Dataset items
-- Opening Marker --
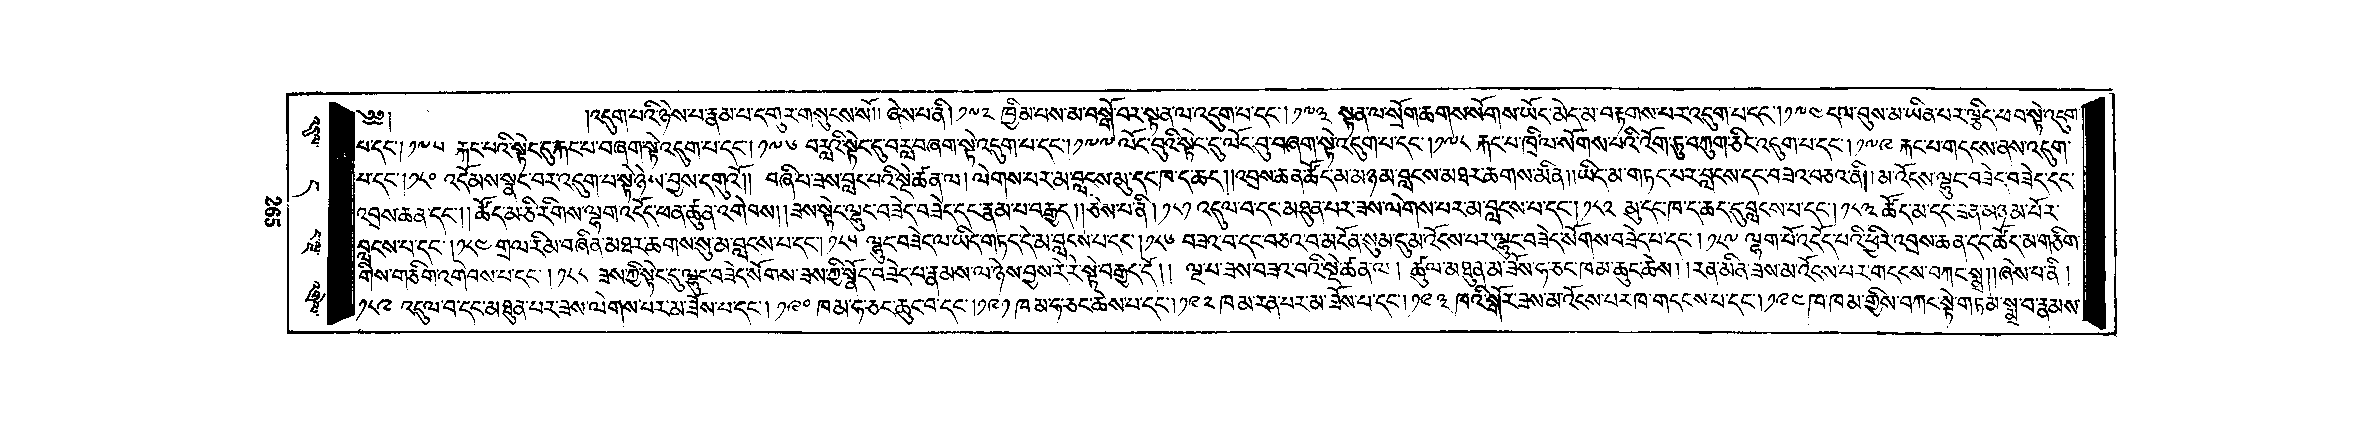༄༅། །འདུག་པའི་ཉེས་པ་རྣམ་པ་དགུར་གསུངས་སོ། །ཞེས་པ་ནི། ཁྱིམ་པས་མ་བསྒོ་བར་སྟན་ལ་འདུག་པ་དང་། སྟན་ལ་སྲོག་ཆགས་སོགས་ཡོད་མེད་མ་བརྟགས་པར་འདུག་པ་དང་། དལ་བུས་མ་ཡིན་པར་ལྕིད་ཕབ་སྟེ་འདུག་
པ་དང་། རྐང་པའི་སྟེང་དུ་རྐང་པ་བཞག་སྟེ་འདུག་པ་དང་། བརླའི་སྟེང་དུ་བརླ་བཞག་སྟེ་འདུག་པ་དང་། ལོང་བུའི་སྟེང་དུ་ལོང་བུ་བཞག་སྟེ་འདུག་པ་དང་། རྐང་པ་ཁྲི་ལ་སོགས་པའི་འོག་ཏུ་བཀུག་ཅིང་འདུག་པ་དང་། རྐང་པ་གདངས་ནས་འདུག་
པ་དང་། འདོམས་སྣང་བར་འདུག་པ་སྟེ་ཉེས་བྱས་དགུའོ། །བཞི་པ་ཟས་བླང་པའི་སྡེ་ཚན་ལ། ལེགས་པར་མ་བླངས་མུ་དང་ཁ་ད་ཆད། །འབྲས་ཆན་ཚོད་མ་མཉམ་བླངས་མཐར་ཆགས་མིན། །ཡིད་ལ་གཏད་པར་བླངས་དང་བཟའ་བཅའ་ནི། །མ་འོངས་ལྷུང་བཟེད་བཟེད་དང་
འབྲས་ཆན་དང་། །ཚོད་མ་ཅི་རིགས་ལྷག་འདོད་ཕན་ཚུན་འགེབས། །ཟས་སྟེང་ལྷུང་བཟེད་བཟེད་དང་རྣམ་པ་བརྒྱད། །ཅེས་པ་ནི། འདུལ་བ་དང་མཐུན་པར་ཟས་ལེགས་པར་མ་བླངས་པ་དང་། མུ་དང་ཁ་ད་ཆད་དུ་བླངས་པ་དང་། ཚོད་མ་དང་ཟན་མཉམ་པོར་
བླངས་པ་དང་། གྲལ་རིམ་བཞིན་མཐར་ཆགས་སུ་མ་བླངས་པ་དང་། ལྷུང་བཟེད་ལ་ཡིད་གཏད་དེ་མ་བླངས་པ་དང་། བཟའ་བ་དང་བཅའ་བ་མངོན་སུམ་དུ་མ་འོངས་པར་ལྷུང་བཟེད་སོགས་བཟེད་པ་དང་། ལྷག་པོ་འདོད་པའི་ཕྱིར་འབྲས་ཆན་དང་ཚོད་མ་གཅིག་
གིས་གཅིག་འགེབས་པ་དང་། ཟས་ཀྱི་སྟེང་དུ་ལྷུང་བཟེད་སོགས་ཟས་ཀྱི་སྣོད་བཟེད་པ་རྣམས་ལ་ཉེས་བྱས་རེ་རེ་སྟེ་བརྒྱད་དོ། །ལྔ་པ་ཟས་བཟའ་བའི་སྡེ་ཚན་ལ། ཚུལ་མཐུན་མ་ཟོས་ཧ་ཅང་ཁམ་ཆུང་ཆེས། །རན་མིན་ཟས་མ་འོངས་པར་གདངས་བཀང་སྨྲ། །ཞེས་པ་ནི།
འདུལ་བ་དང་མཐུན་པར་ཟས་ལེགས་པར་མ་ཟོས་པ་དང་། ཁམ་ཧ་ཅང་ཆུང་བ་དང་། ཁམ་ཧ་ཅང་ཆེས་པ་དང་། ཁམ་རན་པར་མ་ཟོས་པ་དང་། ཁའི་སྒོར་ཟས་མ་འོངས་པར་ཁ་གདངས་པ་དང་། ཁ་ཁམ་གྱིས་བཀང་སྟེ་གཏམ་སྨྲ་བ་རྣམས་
-- Closing Marker --
-- Opening Marker --
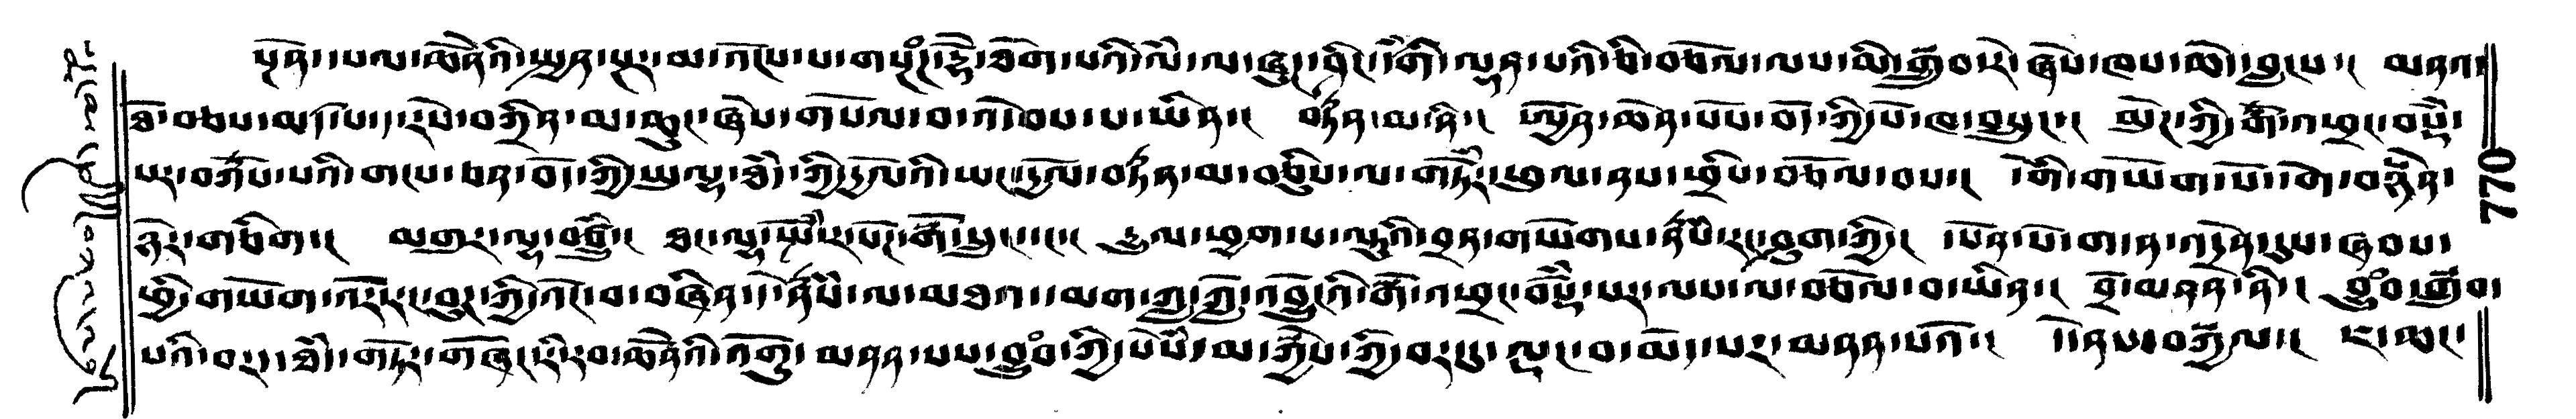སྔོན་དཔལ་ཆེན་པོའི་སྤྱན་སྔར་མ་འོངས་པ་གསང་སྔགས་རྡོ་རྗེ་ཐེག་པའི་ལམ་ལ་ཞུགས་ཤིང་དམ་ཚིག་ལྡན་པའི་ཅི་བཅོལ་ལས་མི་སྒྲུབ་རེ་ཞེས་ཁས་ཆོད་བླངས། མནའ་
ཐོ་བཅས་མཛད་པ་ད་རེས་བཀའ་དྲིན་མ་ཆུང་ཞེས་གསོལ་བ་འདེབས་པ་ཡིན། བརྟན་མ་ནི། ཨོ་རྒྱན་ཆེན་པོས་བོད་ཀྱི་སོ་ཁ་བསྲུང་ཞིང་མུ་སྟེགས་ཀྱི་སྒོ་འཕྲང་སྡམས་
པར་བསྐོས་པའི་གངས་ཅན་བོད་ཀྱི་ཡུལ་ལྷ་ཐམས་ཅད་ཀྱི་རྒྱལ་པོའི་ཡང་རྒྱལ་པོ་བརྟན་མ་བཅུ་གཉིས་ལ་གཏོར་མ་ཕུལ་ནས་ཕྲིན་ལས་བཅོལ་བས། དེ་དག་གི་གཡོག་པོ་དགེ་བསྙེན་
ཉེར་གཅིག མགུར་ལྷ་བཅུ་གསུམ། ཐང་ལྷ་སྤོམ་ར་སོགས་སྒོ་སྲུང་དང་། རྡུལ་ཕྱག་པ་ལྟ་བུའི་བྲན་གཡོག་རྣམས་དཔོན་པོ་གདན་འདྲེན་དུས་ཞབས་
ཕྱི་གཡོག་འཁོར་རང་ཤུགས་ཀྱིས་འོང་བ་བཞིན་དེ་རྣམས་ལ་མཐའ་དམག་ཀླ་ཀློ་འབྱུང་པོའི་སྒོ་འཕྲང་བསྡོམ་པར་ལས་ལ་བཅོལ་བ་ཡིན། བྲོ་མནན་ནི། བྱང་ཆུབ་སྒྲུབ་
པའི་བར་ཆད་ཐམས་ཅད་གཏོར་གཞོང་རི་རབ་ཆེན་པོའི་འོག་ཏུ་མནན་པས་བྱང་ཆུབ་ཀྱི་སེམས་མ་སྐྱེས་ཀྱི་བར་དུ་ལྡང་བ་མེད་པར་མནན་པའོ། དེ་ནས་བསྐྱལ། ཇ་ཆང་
-- Closing Marker --
-- Opening Marker --
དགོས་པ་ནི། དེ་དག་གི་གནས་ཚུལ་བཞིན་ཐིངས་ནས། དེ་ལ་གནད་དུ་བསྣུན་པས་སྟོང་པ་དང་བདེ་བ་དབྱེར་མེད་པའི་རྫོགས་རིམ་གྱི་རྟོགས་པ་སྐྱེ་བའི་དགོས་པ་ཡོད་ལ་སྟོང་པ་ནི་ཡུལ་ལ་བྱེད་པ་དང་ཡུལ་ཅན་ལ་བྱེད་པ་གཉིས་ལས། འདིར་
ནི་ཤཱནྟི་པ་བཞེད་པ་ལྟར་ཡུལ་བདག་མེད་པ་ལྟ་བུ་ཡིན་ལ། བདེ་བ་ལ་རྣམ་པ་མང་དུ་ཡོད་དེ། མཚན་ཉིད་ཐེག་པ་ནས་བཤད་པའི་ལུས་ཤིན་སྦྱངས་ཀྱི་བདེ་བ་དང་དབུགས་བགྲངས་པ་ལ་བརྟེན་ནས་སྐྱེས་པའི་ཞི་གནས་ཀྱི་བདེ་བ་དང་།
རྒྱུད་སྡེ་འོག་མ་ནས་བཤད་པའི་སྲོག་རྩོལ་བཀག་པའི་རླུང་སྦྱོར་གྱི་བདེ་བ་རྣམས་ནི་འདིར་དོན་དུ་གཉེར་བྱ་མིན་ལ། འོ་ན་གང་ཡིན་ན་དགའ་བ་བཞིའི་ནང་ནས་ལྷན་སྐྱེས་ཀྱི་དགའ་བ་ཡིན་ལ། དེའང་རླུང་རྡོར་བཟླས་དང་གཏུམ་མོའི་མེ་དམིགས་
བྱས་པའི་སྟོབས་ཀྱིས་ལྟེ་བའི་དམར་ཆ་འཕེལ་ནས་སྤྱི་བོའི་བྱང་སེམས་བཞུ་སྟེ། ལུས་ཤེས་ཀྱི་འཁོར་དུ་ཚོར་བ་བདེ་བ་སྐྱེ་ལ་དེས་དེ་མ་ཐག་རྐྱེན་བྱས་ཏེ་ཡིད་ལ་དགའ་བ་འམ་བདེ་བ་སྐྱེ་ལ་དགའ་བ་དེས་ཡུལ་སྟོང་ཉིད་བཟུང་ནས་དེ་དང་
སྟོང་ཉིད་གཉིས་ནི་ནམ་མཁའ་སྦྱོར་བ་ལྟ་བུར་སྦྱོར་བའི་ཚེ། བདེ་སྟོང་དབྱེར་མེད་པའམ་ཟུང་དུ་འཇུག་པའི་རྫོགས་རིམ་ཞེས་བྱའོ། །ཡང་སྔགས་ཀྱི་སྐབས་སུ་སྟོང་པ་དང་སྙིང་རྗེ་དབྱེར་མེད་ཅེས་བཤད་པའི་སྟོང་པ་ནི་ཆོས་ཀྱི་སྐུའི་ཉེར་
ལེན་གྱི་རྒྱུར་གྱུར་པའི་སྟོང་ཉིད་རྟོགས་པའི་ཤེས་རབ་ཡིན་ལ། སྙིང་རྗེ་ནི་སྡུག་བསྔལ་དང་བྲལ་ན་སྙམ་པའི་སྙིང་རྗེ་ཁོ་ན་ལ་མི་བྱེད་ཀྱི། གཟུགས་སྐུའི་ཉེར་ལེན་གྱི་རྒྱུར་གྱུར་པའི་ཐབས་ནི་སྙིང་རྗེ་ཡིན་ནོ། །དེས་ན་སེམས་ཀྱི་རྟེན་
-- Closing Marker --
TASK GOAL: Find the string "གདངས" in the entries above and return each line that holds it.

EXERCISE RESPONSE:
པ་དང་། རྐང་པའི་སྟེང་དུ་རྐང་པ་བཞག་སྟེ་འདུག་པ་དང་། བརླའི་སྟེང་དུ་བརླ་བཞག་སྟེ་འདུག་པ་དང་། ལོང་བུའི་སྟེང་དུ་ལོང་བུ་བཞག་སྟེ་འདུག་པ་དང་། རྐང་པ་ཁྲི་ལ་སོགས་པའི་འོག་ཏུ་བཀུག་ཅིང་འདུག་པ་དང་། རྐང་པ་གདངས་ནས་འདུག་
གིས་གཅིག་འགེབས་པ་དང་། ཟས་ཀྱི་སྟེང་དུ་ལྷུང་བཟེད་སོགས་ཟས་ཀྱི་སྣོད་བཟེད་པ་རྣམས་ལ་ཉེས་བྱས་རེ་རེ་སྟེ་བརྒྱད་དོ། །ལྔ་པ་ཟས་བཟའ་བའི་སྡེ་ཚན་ལ། ཚུལ་མཐུན་མ་ཟོས་ཧ་ཅང་ཁམ་ཆུང་ཆེས། །རན་མིན་ཟས་མ་འོངས་པར་གདངས་བཀང་སྨྲ། །ཞེས་པ་ནི།
འདུལ་བ་དང་མཐུན་པར་ཟས་ལེགས་པར་མ་ཟོས་པ་དང་། ཁམ་ཧ་ཅང་ཆུང་བ་དང་། ཁམ་ཧ་ཅང་ཆེས་པ་དང་། ཁམ་རན་པར་མ་ཟོས་པ་དང་། ཁའི་སྒོར་ཟས་མ་འོངས་པར་ཁ་གདངས་པ་དང་། ཁ་ཁམ་གྱིས་བཀང་སྟེ་གཏམ་སྨྲ་བ་རྣམས་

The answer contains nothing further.